Essentially, the versioning will be driven by what the Fortran-only users see in the committed version of the generated wrappers.

Guaranteed version compatibility table for ForTrilinos.
ForTrilinos Trilinos SWIG
2.3.0 14.0 4.1.1+fortran
2.2.0 13.4 4.1.1+fortran
2.1.0 13.2 4.1.0-dev1+fortran
2.0.1 13.0:13.2 4.1.0-dev1+fortran
2.0.0 13.0:13.2 4.0.2+fortran
2.0.0-dev3 12.18.1 4.0.2+fortran
2.0.0-dev2 12.18.1 4.0.0+fortran+15e6ed59
2.0.0-dev1 12.17+8a82b322 4.0.0+fortran+15e6ed59
1.0 12.8.1

In the version table above, the +fortran suffix for SWIG indicates the SWIG-Fortran fork. +sha refers to a specific Git commit that comes after the given version.

Basically, the versioning will be driven by what the Fortran-only users see in the committed version of the generated wrappers.

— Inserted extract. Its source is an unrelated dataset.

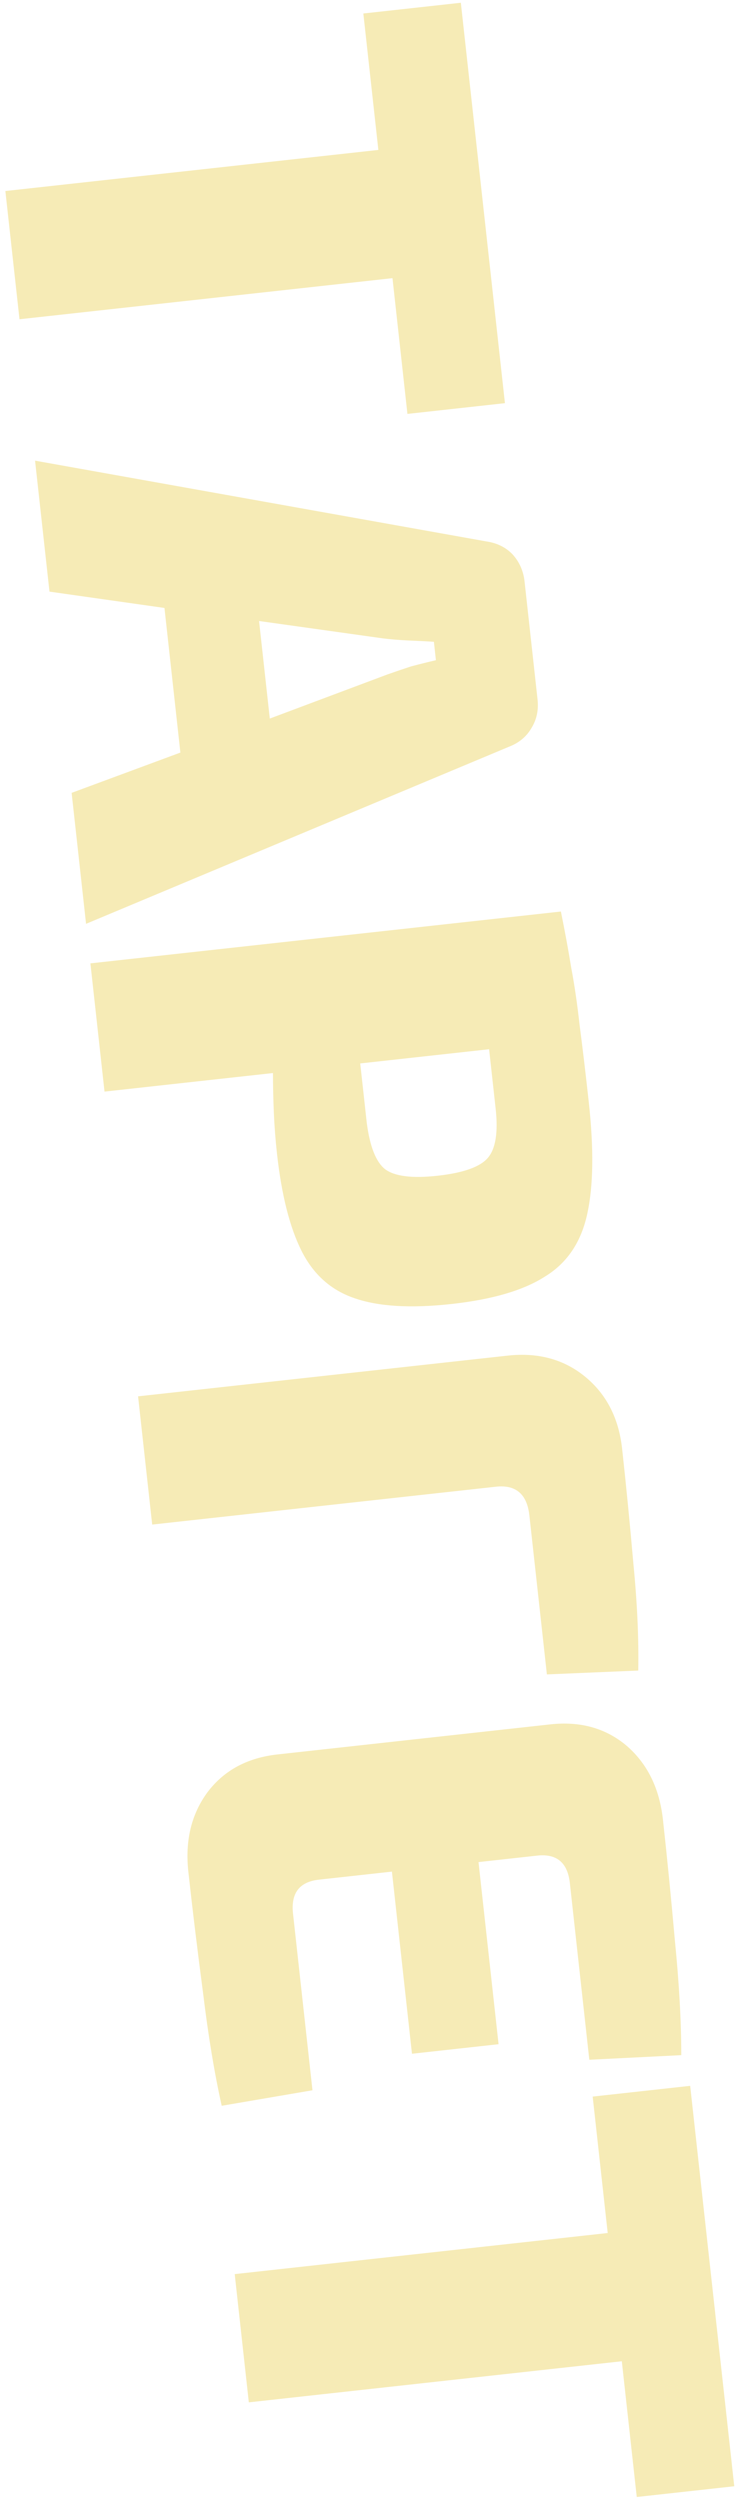 <?xml version="1.0" encoding="UTF-8"?> <svg xmlns="http://www.w3.org/2000/svg" width="75" height="255" viewBox="0 0 75 255" fill="none"> <path d="M51.524 41.123L41.574 42.219L40.049 28.373L1.989 32.565L0.548 19.484L38.608 15.292L37.075 1.376L47.025 0.28L51.524 41.123ZM54.852 71.34C54.969 72.407 54.77 73.368 54.254 74.223C53.743 75.124 52.969 75.773 51.933 76.169L8.781 94.231L7.309 80.872L18.406 76.763L16.782 62.012L5.049 60.346L3.577 46.987L49.626 55.225C50.724 55.386 51.617 55.828 52.307 56.55C53.002 57.318 53.408 58.236 53.526 59.303L54.852 71.34ZM39.096 65.118L26.435 63.343L27.531 73.293L39.502 68.805C40.27 68.533 41.084 68.255 41.945 67.973C42.858 67.731 43.703 67.521 44.481 67.341L44.275 65.463C43.471 65.41 42.597 65.366 41.654 65.329C40.758 65.287 39.905 65.216 39.096 65.118ZM60.076 112.381C60.602 117.159 60.552 120.967 59.926 123.806C59.305 126.692 57.873 128.821 55.63 130.195C53.438 131.61 50.255 132.547 46.08 133.007C41.905 133.467 38.597 133.268 36.155 132.41C33.764 131.594 31.968 129.984 30.764 127.581C29.56 125.179 28.726 121.867 28.261 117.646C28.108 116.254 28.001 114.857 27.941 113.456C27.885 112.1 27.855 110.765 27.852 109.451L10.665 111.344L9.225 98.263L57.234 92.975C57.645 94.996 57.996 96.906 58.288 98.705C58.627 100.498 58.913 102.462 59.148 104.596C59.43 106.725 59.739 109.32 60.076 112.381ZM50.575 113.075C50.457 112.008 50.343 110.965 50.23 109.944C50.118 108.924 50.01 107.95 49.908 107.022L36.758 108.47L37.425 114.524C37.736 116.931 38.356 118.506 39.283 119.249C40.256 119.987 42.042 120.212 44.639 119.926C47.283 119.635 49 119.024 49.789 118.092C50.579 117.16 50.841 115.487 50.575 113.075ZM63.48 147.761C63.899 151.565 64.281 155.467 64.628 159.466C65.021 163.46 65.188 167.104 65.128 170.397L55.805 170.79L54.019 154.578C53.779 152.398 52.639 151.42 50.597 151.645L15.53 155.507L14.089 142.426L51.801 138.273C54.909 137.931 57.547 138.65 59.715 140.43C61.882 142.21 63.138 144.654 63.48 147.761ZM67.648 185.605C68.082 189.548 68.49 193.682 68.873 198.006C69.302 202.325 69.517 206.198 69.519 209.625L60.134 210.095L58.149 192.074C57.919 189.987 56.807 189.053 54.812 189.273L48.828 189.932L50.874 208.509L42.038 209.483L39.992 190.905L32.547 191.725C30.552 191.945 29.67 193.098 29.9 195.186L31.885 213.207L22.622 214.79C21.878 211.445 21.245 207.618 20.724 203.309C20.156 199.005 19.655 194.882 19.221 190.939C18.868 187.738 19.53 185.013 21.207 182.762C22.89 180.558 25.262 179.288 28.323 178.951L56.155 175.885C59.216 175.548 61.808 176.272 63.929 178.057C66.056 179.889 67.295 182.405 67.648 185.605ZM74.925 253.598L64.975 254.694L63.45 240.848L25.39 245.04L23.95 231.959L62.01 227.767L60.477 213.851L70.427 212.755L74.925 253.598Z" fill="#E3C422" fill-opacity="0.33"></path> </svg>

The original implementation of the ForTrilinos was developed prior to 2012. That code is no longer developed and maintained, and is available using the trilinos-release-12-8-1 tag in the ForTrilinos repository and the corresponding Trilinos 12.8.1 version.

E4S

As of this writing, ForTrilinos is distributed as part of the E4S Project and should be available as a pre-built binary on a variety of user and HPC systems.

Spack

To install ForTrilinos version 2.1.0 through an existing Spack installation (v0.19 or higher, or the develop branch):

$ spack install fortrilinos

Manual

To install manually, you can point to the target Trilinos installation with the CMAKE_PREFIX_PATH or Trilinos_ROOT environment variables, or with a Trilinos_ROOT CMake variable:

$ git clone https://github.com/trilinos/ForTrilinos && cd ForTrilinos
$ mkdir build && cd build
$ cmake -DTrilinos_ROOT=/opt/trilinos -DCMAKE_INSTALL_PREFIX=/opt/fortrilinos ..
$ make install

The build options are most easily viewed using the ccmake GUI. All ForTrilinos options are scoped with a ForTrilinos_ prefix. Some options (e.g. ForTrilinos_USE_MPI) are derived from the Trilinos installation and cannot be changed.

Documentation

To build this documentation, (re)configure with -D ForTrilinos_DOCS=ON and run:

$ make doc

then open $BUILD/doc/html/index.html.

Usage

To use ForTrilinos as part of your CMake app, simply ensure that CMake can find it (using the standard CMAKE_PREFIX_PATH or ForTrilinos_ROOT environment variables, or the ForTrilinos_ROOT CMake variable); and add

find_package(ForTrilinos)

An example application that uses ForTrilinos and MPI-provided Fortran bindings might look like:

cmake_minimum_required(VERSION 3.12)
project(ForTrilinosInstallTest VERSION 0.0.1 LANGUAGES Fortran)

find_package(ForTrilinos)

add_executable(downstream-app downstream-app.F90)
target_link_libraries(downstream-app ForTrilinos::ForTrilinos MPI::MPI_Fortran)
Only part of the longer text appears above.